La sua unica ancora di salvezza per non sprofondare nella più cupa rassegnazione e disperazione in questi anni d’inferno era scrivere. Trasferire su carta l’impetuosa alternanza di rabbia, sofferenza, disperazione e paura le dava il sollievo e il conforto di cui aveva bisogno per restare viva e lucida, per non perdersi nel folle labirinto di gelosia ossessiva, violenza fisica e psicologica.
Questo libro è la denuncia di una donna maltrattata e umiliata dal proprio uomo, suo marito, in preda alla gelosia, ora delirio, e al suo potere di distorcere la realtà insinuando nella mente di chi governa perversioni e falsità. Ma è anche la testimonianza dell'impegno di una donna che, nonostante quotidianamente accusata di ogni genere di infamia e vizio per il solo fatto di vestire i panni naturalmente ispirati, combatte con tutte le sue forze per difendere la propria innocenza e la libertà di essere quello che è: una donna.

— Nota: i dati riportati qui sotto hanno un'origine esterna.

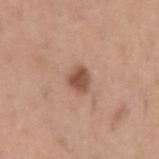follow-up: total-body-photography surveillance lesion; no biopsy
image: ~15 mm crop, total-body skin-cancer survey
anatomic site: the right upper arm
lesion diameter: ≈2.5 mm
patient: male, roughly 60 years of age
automated metrics: a shape-asymmetry score of about 0.2 (0 = symmetric); a border-irregularity index near 1.5/10, a color-variation rating of about 2.5/10, and a peripheral color-asymmetry measure near 1; a nevus-likeness score of about 85/100 and lesion-presence confidence of about 100/100
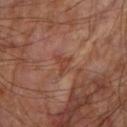Notes:
• size · about 2.5 mm
• imaging modality · total-body-photography crop, ~15 mm field of view
• body site · the left forearm
• patient · male, in their mid- to late 80s or older
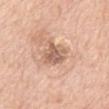Clinical impression: The lesion was tiled from a total-body skin photograph and was not biopsied. Background: A female patient, aged around 70. A lesion tile, about 15 mm wide, cut from a 3D total-body photograph. The lesion is on the mid back.
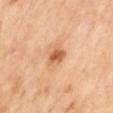Part of a total-body skin-imaging series; this lesion was reviewed on a skin check and was not flagged for biopsy.
From the mid back.
The recorded lesion diameter is about 3 mm.
Captured under cross-polarized illumination.
Cropped from a whole-body photographic skin survey; the tile spans about 15 mm.
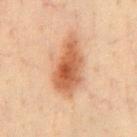Findings:
– notes: imaged on a skin check; not biopsied
– site: the chest
– illumination: cross-polarized illumination
– image source: 15 mm crop, total-body photography
– subject: male, about 35 years old
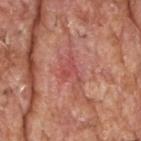<record>
<biopsy_status>not biopsied; imaged during a skin examination</biopsy_status>
<site>head or neck</site>
<patient>
  <sex>male</sex>
  <age_approx>60</age_approx>
</patient>
<image>
  <source>total-body photography crop</source>
  <field_of_view_mm>15</field_of_view_mm>
</image>
<lesion_size>
  <long_diameter_mm_approx>4.0</long_diameter_mm_approx>
</lesion_size>
<lighting>white-light</lighting>
</record>
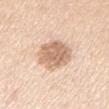This lesion was catalogued during total-body skin photography and was not selected for biopsy.
Cropped from a whole-body photographic skin survey; the tile spans about 15 mm.
Imaged with white-light lighting.
The lesion's longest dimension is about 4.5 mm.
A male subject, roughly 35 years of age.
The lesion is on the left upper arm.
Automated tile analysis of the lesion measured a lesion area of about 14 mm², an eccentricity of roughly 0.65, and a symmetry-axis asymmetry near 0.15. The software also gave a mean CIELAB color near L≈68 a*≈19 b*≈32, about 14 CIELAB-L* units darker than the surrounding skin, and a normalized border contrast of about 8. The software also gave a within-lesion color-variation index near 3.5/10 and radial color variation of about 1.5. And it measured a classifier nevus-likeness of about 20/100 and lesion-presence confidence of about 100/100.
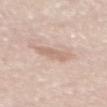Q: Is there a histopathology result?
A: catalogued during a skin exam; not biopsied
Q: What are the patient's age and sex?
A: male, aged 58 to 62
Q: What lighting was used for the tile?
A: white-light
Q: Lesion location?
A: the back
Q: What kind of image is this?
A: total-body-photography crop, ~15 mm field of view
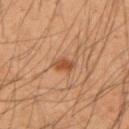Part of a total-body skin-imaging series; this lesion was reviewed on a skin check and was not flagged for biopsy.
This image is a 15 mm lesion crop taken from a total-body photograph.
Imaged with cross-polarized lighting.
The lesion is on the left forearm.
The patient is a male about 35 years old.
The lesion-visualizer software estimated a footprint of about 3.5 mm² and a shape eccentricity near 0.8. It also reported border irregularity of about 3 on a 0–10 scale and peripheral color asymmetry of about 0.5.
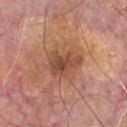Recorded during total-body skin imaging; not selected for excision or biopsy.
Cropped from a total-body skin-imaging series; the visible field is about 15 mm.
From the chest.
A male subject, in their mid-60s.
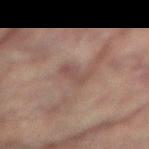Notes:
- biopsy status · catalogued during a skin exam; not biopsied
- patient · female, aged around 80
- anatomic site · the left leg
- image source · ~15 mm tile from a whole-body skin photo
- automated metrics · about 6 CIELAB-L* units darker than the surrounding skin and a normalized lesion–skin contrast near 5.5
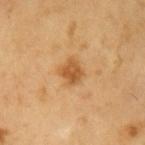notes: imaged on a skin check; not biopsied
acquisition: 15 mm crop, total-body photography
lesion diameter: ≈2.5 mm
subject: male, about 60 years old
body site: the left upper arm
tile lighting: cross-polarized
TBP lesion metrics: a border-irregularity index near 1.5/10 and a peripheral color-asymmetry measure near 1; lesion-presence confidence of about 100/100
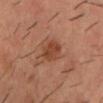Recorded during total-body skin imaging; not selected for excision or biopsy. The lesion-visualizer software estimated a footprint of about 6 mm², an eccentricity of roughly 0.8, and two-axis asymmetry of about 0.2. And it measured a lesion color around L≈42 a*≈25 b*≈31 in CIELAB, about 9 CIELAB-L* units darker than the surrounding skin, and a normalized border contrast of about 7.5. The software also gave a nevus-likeness score of about 80/100 and a lesion-detection confidence of about 100/100. The lesion's longest dimension is about 3.5 mm. A close-up tile cropped from a whole-body skin photograph, about 15 mm across. The lesion is on the front of the torso. The patient is a male aged 38 to 42.
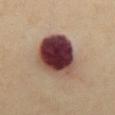{
  "biopsy_status": "not biopsied; imaged during a skin examination",
  "patient": {
    "sex": "female",
    "age_approx": 60
  },
  "image": {
    "source": "total-body photography crop",
    "field_of_view_mm": 15
  },
  "site": "front of the torso"
}
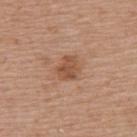Q: Was a biopsy performed?
A: no biopsy performed (imaged during a skin exam)
Q: How was this image acquired?
A: 15 mm crop, total-body photography
Q: Where on the body is the lesion?
A: the upper back
Q: Who is the patient?
A: female, in their 70s
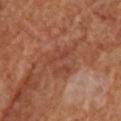Captured during whole-body skin photography for melanoma surveillance; the lesion was not biopsied.
An algorithmic analysis of the crop reported a lesion area of about 8.5 mm². The analysis additionally found an automated nevus-likeness rating near 0 out of 100 and a lesion-detection confidence of about 95/100.
The lesion is on the upper back.
The patient is a female approximately 65 years of age.
This is a cross-polarized tile.
Longest diameter approximately 4.5 mm.
A close-up tile cropped from a whole-body skin photograph, about 15 mm across.
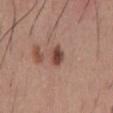Findings:
* biopsy status — no biopsy performed (imaged during a skin exam)
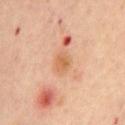Recorded during total-body skin imaging; not selected for excision or biopsy. This is a cross-polarized tile. On the chest. Longest diameter approximately 2.5 mm. A close-up tile cropped from a whole-body skin photograph, about 15 mm across. A female patient roughly 45 years of age.
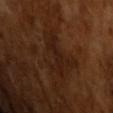No biopsy was performed on this lesion — it was imaged during a full skin examination and was not determined to be concerning. The subject is a male in their mid- to late 60s. A roughly 15 mm field-of-view crop from a total-body skin photograph. The recorded lesion diameter is about 4.5 mm. The tile uses cross-polarized illumination. Automated tile analysis of the lesion measured a lesion color around L≈18 a*≈18 b*≈22 in CIELAB, roughly 5 lightness units darker than nearby skin, and a normalized border contrast of about 7. The software also gave a border-irregularity rating of about 8/10 and internal color variation of about 1 on a 0–10 scale. The analysis additionally found a nevus-likeness score of about 0/100 and a detector confidence of about 80 out of 100 that the crop contains a lesion.
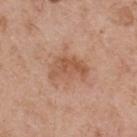Case summary:
* follow-up · no biopsy performed (imaged during a skin exam)
* lighting · white-light
* subject · male, aged around 55
* imaging modality · ~15 mm tile from a whole-body skin photo
* site · the upper back
* image-analysis metrics · an area of roughly 9.5 mm², a shape eccentricity near 0.8, and two-axis asymmetry of about 0.4; internal color variation of about 3.5 on a 0–10 scale and a peripheral color-asymmetry measure near 1.5; an automated nevus-likeness rating near 20 out of 100 and lesion-presence confidence of about 100/100
* size · ~4.5 mm (longest diameter)
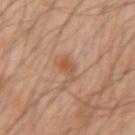Notes:
• workup: imaged on a skin check; not biopsied
• diameter: ~3.5 mm (longest diameter)
• site: the right upper arm
• image source: ~15 mm tile from a whole-body skin photo
• automated lesion analysis: a shape eccentricity near 0.85; border irregularity of about 4 on a 0–10 scale, a color-variation rating of about 2.5/10, and peripheral color asymmetry of about 1; an automated nevus-likeness rating near 65 out of 100 and lesion-presence confidence of about 100/100
• patient: male, aged 43 to 47
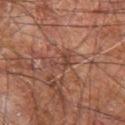On the right leg. A male patient aged approximately 60. Imaged with cross-polarized lighting. Approximately 3 mm at its widest. A close-up tile cropped from a whole-body skin photograph, about 15 mm across. An algorithmic analysis of the crop reported an area of roughly 4 mm² and an outline eccentricity of about 0.75 (0 = round, 1 = elongated). The analysis additionally found a mean CIELAB color near L≈41 a*≈21 b*≈25 and a lesion-to-skin contrast of about 6 (normalized; higher = more distinct). It also reported a nevus-likeness score of about 0/100.
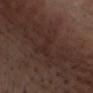| key | value |
|---|---|
| follow-up | imaged on a skin check; not biopsied |
| image | total-body-photography crop, ~15 mm field of view |
| anatomic site | the chest |
| subject | male, in their mid-70s |
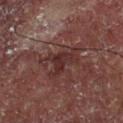Assessment:
This lesion was catalogued during total-body skin photography and was not selected for biopsy.
Context:
A 15 mm close-up tile from a total-body photography series done for melanoma screening. Longest diameter approximately 3.5 mm. The lesion is located on the chest. A male subject, about 55 years old. Automated tile analysis of the lesion measured a lesion area of about 4.5 mm² and an eccentricity of roughly 0.8. It also reported an average lesion color of about L≈25 a*≈19 b*≈18 (CIELAB), about 7 CIELAB-L* units darker than the surrounding skin, and a lesion-to-skin contrast of about 7.5 (normalized; higher = more distinct). It also reported border irregularity of about 5 on a 0–10 scale and peripheral color asymmetry of about 0.5. And it measured an automated nevus-likeness rating near 0 out of 100 and lesion-presence confidence of about 75/100.

Metilde S, pseudonimo di una scrittrice italiana, nota a più di uno, che in questa veste mette a nudo la propria fragilità e i propri dubbi in merito al senso della vita, al suo ruolo di cittadina di un mondo italico e di donna in una realtà priva di amore e comprensione. E lo fa utilizzando il genere epistolare, rivolgendo le proprie missive a quell'entità di nome Dafne che le dà ascolto, forza e determinazione per non sprofondare nella trappola di rassegnazione e apatia. Le missive pubblicate dall'autrice riflettono il suo instancabile spirito osservatore della realtà che vive e che la circonda, senza mai perdere né il coraggio né la forza di essere una donna passionale e, nondimeno, una cittadina appassionata.